The UI policy implemented last year is not the “deal” that retirees expected and deserve. The life insurance plan alone has cost us at least $10 million in lost benefits as well as untold millions in health insurance. I will focus on UI’s two early retirement programs (ERIP and VSROP), but will include all retirees classified as emeritus faculty or honored staff. I believe that UI erred when it dramatically changed the retiree’s insurance program without contacting individual ERIP/VSROP participants as stipulated in legal contracts. Jeff and I will also describe the GASB 45 program and why it should not be a consideration for our retiree benefits.
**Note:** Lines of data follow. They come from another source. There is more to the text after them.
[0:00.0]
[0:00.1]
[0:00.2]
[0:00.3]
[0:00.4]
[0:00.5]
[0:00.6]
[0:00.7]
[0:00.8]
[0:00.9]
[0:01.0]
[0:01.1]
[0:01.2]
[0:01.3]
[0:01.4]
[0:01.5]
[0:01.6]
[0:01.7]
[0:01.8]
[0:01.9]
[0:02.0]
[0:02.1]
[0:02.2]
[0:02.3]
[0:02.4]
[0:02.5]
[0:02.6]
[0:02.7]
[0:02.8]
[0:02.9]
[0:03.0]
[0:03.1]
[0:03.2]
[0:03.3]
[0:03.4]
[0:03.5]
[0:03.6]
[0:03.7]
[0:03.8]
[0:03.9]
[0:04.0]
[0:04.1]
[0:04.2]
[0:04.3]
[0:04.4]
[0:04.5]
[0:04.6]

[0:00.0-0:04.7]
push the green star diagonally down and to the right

Why am I doing this? I was part of the administration during the ERIP/VSROP programs and retired after 33 years at UI. I feel it is important to try and uphold promises made to faculty and staff who trustingly signed contracts or worked faithfully for many years believing that their compensation included paid life/health insurance after retirement. I know that many retirees are concerned about UI’s new insurance policy and Jeff and I urge you to attend this important meeting.
Earl H. Bennett
Professor Emeritus, former dean, College of Mines and Earth Resources and College of Science
Don’t brush aside the message
The Argonaut story on faculty moral and the Yardley report misrepresented faculty opinion. The story was apparently derived from only two sources, a representative of the AFT (Dr. Nick Gier) and a representative of Faculty Council (Dr. Paul Oman). Although Dr. Gier and Dr. Oman are well meaning and intelligent people, they are not representative of many key faculty constituencies.
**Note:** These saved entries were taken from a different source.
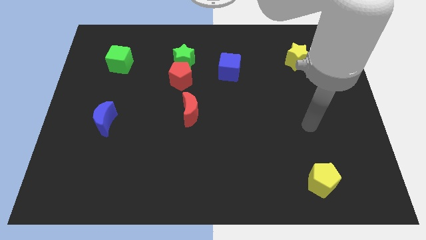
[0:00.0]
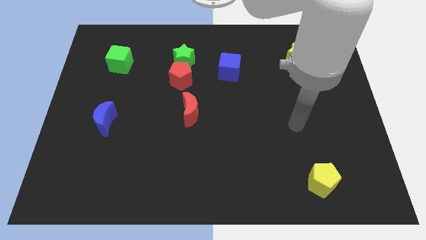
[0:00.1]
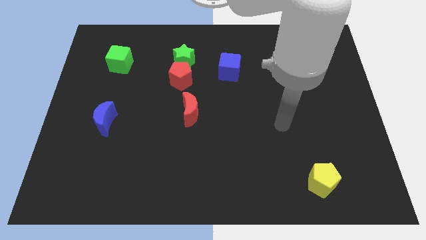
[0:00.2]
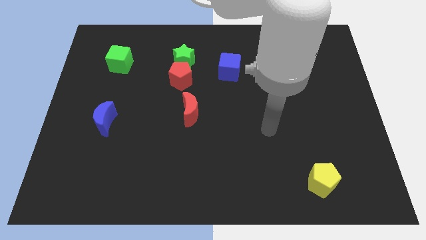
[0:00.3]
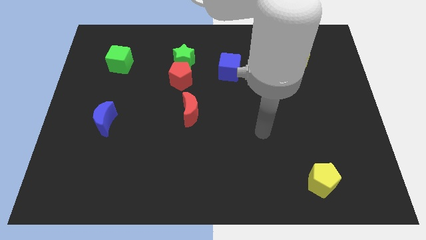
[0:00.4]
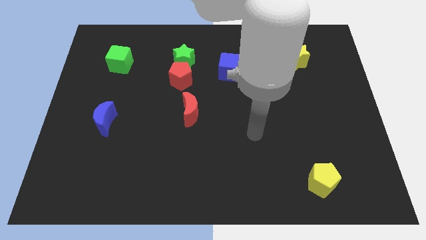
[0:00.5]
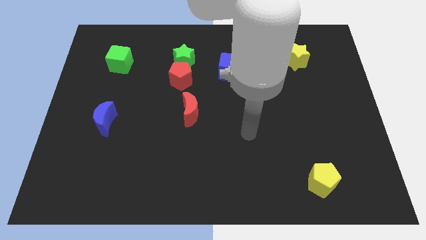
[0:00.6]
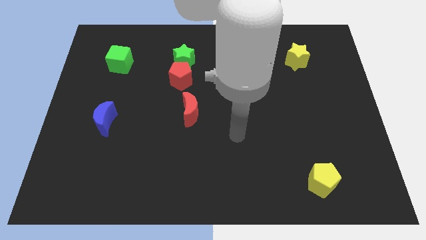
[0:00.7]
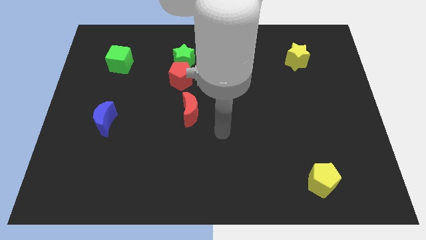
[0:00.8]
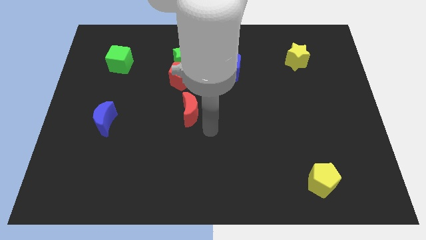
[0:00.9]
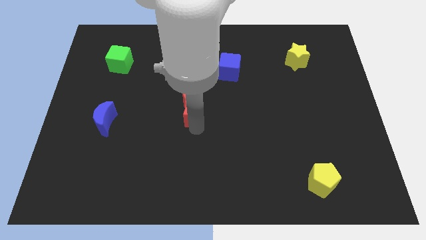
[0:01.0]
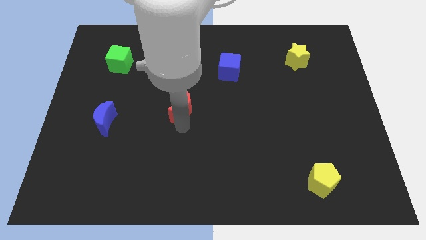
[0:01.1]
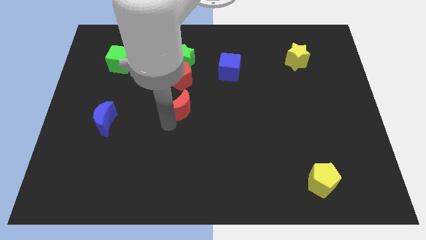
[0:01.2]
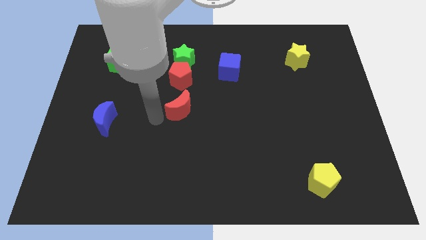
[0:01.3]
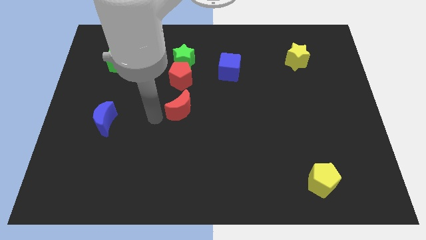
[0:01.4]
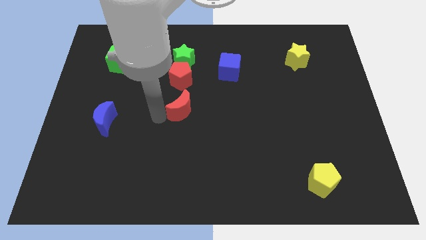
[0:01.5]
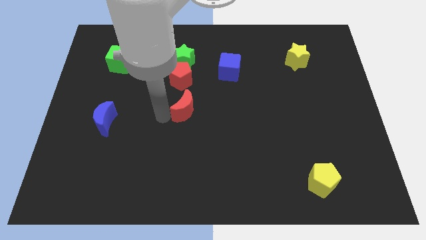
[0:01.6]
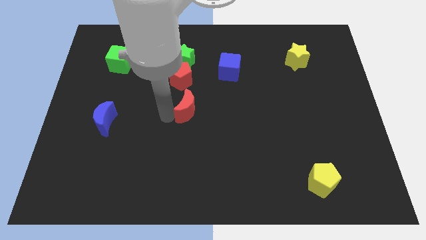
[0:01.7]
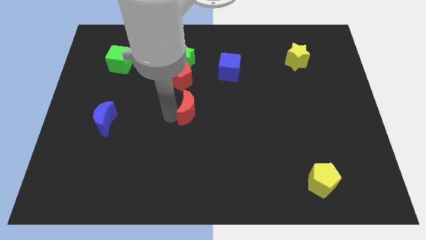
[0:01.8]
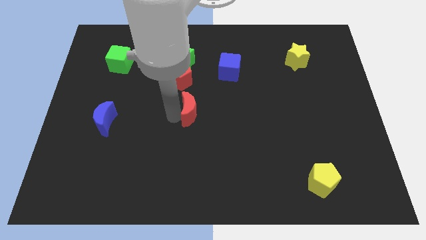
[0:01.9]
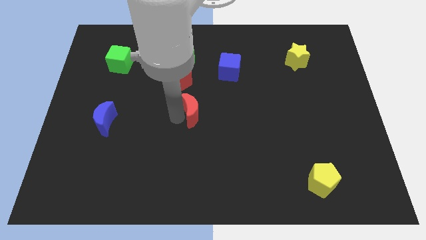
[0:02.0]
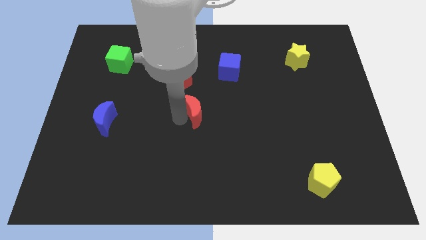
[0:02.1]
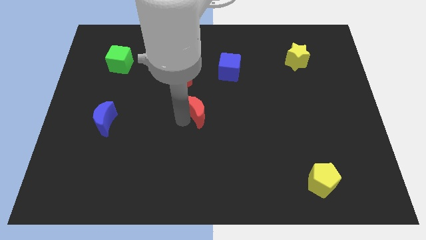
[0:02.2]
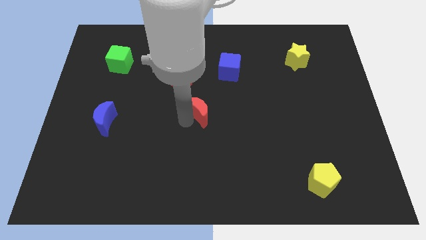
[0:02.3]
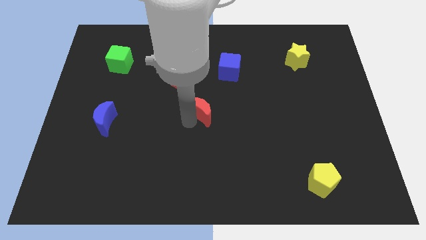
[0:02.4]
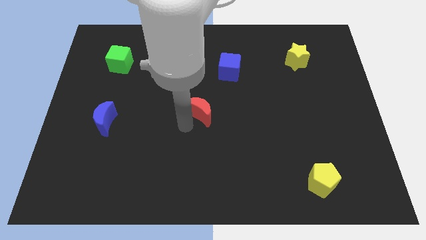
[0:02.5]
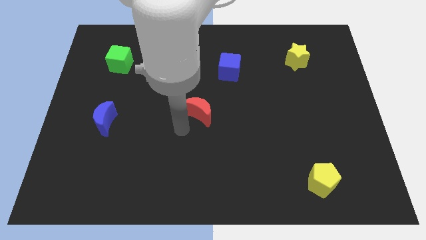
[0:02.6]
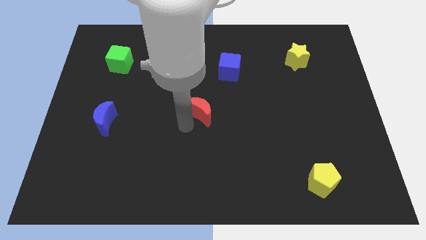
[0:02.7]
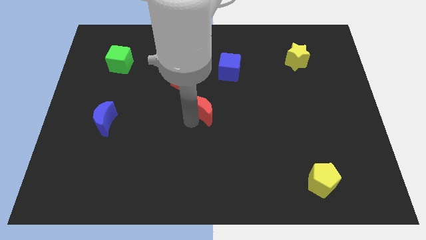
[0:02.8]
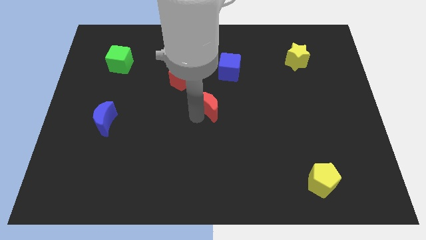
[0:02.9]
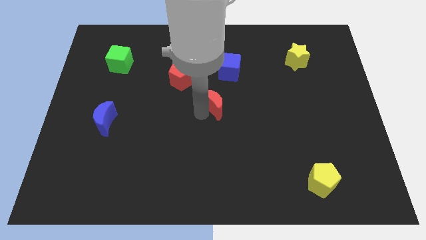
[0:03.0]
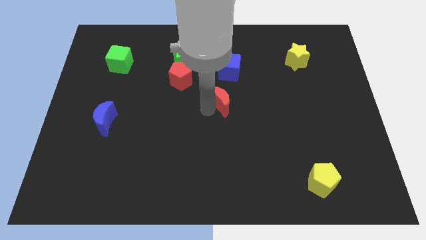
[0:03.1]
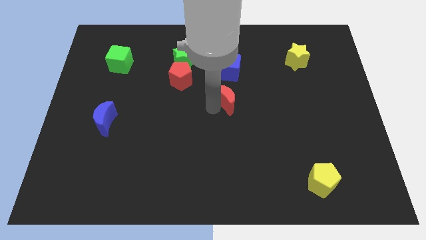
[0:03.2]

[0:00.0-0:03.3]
slide the red moon slightly upwards and then to the right

The AFT has a very small membership at UI, largely because they confuse equal pay with salary equity. Very few faculty would agree to leveling all faculty salaries on campus according to years of service. It is a basic fact that some disciplines command higher salaries. Paying faculty exclusively according to how many years they have stayed at Idaho would lead almost every scientist, engineer, business school, or law school professor to go elsewhere. Gier surely knew that law professors made higher salaries than philosophy professors when he chose to study philosophy. Rather, UI faculty should be paid equitably with comparable faculty at peer institutions. The objective is to keep the best faculty here, not to drive away the ones most in demand.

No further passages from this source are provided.